Search the records below for the word "none", then return every line where it appears.

-- Opening Marker --

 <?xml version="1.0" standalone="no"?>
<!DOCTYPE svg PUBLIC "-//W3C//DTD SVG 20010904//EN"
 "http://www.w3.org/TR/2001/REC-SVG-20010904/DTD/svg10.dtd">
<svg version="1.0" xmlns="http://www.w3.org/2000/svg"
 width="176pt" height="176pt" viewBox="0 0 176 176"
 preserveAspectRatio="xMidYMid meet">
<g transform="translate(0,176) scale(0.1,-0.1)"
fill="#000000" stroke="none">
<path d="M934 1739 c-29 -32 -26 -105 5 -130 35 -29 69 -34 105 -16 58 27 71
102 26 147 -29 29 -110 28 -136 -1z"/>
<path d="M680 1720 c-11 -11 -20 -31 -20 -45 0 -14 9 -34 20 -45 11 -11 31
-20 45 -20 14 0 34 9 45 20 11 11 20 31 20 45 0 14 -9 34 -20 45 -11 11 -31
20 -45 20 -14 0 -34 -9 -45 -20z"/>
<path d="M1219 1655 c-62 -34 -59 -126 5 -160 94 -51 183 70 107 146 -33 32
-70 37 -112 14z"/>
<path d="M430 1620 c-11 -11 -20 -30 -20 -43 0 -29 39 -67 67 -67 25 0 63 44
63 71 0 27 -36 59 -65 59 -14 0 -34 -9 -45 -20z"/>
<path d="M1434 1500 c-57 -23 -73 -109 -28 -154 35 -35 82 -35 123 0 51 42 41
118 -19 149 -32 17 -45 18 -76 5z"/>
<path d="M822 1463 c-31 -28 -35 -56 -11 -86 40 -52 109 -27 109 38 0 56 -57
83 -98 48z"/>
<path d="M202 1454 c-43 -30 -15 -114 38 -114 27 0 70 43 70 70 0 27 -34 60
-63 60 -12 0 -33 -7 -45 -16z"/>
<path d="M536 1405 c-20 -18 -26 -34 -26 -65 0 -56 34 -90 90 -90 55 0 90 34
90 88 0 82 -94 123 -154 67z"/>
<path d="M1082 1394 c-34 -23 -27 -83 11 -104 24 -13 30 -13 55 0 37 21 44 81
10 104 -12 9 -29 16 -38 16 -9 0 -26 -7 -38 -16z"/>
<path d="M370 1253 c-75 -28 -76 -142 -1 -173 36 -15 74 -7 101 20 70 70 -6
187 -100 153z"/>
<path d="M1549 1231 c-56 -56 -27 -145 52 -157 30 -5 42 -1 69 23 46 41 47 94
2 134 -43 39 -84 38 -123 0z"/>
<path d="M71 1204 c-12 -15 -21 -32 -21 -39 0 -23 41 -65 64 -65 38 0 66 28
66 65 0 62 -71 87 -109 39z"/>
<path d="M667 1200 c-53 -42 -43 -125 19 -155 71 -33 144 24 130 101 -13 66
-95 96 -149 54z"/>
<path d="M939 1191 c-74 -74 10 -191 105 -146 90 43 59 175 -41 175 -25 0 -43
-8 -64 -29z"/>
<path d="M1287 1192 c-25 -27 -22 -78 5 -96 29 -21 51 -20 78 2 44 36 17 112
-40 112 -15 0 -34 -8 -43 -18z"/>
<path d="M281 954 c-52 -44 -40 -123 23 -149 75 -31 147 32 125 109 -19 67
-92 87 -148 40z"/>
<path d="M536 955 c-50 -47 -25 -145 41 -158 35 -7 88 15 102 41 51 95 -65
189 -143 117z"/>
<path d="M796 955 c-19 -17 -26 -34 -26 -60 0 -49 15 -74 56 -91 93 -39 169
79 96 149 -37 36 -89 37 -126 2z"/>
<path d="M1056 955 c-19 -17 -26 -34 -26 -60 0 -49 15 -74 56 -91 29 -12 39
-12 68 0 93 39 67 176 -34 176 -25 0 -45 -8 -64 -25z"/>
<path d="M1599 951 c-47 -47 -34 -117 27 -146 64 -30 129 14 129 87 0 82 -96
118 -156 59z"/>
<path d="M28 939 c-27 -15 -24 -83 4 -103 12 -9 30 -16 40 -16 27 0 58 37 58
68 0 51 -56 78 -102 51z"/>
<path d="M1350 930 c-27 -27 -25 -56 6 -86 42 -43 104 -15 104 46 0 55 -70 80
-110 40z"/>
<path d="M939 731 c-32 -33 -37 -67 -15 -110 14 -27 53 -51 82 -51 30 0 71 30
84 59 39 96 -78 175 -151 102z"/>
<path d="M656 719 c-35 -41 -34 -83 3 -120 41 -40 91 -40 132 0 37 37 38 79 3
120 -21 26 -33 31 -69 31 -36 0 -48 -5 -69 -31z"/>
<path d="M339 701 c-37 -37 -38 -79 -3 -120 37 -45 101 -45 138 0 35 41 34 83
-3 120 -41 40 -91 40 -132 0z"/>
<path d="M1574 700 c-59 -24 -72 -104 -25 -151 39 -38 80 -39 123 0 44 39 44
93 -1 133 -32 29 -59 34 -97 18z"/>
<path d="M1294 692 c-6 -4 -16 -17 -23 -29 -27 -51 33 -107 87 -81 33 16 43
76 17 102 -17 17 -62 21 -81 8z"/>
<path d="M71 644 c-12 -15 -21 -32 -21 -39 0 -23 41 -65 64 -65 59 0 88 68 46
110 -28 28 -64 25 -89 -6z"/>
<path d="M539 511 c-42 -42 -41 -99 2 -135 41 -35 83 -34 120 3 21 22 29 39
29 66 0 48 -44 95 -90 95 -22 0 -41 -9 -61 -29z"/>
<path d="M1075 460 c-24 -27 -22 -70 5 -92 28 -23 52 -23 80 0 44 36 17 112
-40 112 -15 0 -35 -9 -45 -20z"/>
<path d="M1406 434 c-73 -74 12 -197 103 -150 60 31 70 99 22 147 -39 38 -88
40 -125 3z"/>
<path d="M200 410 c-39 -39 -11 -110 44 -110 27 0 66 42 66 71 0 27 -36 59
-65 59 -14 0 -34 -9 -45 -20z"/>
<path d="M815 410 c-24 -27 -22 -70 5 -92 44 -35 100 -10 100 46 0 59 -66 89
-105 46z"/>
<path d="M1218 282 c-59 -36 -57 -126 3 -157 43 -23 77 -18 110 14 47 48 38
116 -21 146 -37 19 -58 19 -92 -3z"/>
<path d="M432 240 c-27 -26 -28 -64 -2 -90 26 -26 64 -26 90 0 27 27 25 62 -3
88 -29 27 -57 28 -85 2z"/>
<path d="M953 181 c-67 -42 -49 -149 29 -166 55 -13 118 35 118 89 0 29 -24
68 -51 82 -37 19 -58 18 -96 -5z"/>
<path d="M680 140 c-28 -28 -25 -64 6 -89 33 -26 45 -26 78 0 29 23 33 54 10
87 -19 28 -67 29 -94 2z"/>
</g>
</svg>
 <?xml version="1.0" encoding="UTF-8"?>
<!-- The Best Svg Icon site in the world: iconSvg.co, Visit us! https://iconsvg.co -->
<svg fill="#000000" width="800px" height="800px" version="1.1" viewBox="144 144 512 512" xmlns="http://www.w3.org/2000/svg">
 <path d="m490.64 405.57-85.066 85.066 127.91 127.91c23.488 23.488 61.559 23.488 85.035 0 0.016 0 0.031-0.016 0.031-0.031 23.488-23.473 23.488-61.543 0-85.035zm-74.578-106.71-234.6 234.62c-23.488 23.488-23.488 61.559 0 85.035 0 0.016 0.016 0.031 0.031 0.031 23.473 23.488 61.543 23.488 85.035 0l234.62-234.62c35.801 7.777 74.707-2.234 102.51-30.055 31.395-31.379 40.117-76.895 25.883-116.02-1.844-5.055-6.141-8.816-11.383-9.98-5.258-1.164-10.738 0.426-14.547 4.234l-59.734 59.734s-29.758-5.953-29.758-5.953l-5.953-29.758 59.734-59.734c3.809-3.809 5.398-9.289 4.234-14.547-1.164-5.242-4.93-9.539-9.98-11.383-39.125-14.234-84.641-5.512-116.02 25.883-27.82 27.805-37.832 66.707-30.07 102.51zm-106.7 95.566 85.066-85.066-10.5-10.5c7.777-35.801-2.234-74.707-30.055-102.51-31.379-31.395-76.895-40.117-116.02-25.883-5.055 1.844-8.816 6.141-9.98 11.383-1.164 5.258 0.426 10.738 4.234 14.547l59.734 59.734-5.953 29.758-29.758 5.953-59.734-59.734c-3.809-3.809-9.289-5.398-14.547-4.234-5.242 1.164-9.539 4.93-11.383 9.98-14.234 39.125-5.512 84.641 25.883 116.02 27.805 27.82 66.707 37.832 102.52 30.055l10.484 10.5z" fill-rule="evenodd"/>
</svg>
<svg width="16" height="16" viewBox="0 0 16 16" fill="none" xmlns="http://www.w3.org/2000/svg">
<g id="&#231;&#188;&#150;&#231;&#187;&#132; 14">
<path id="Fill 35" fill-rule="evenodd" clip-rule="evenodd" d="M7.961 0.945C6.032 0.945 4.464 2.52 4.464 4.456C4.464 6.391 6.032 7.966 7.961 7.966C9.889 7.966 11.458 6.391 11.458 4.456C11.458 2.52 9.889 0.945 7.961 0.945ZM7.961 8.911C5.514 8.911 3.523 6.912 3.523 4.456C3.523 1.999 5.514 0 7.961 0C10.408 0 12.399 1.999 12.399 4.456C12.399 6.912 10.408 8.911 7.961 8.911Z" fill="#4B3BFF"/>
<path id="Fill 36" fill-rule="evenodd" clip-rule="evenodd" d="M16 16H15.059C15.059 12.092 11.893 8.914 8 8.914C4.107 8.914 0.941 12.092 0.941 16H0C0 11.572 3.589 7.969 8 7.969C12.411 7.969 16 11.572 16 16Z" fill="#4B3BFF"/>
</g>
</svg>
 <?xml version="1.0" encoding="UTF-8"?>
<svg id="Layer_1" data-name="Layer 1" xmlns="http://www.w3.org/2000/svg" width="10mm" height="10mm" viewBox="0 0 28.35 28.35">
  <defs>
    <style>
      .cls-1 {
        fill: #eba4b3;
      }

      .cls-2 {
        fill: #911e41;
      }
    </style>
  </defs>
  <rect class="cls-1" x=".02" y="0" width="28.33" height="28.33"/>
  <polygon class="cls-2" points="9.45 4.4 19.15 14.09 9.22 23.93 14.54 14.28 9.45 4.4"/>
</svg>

-- Closing Marker --

• **Output for this task**:
fill="#000000" stroke="none">
<svg width="16" height="16" viewBox="0 0 16 16" fill="none" xmlns="http://www.w3.org/2000/svg">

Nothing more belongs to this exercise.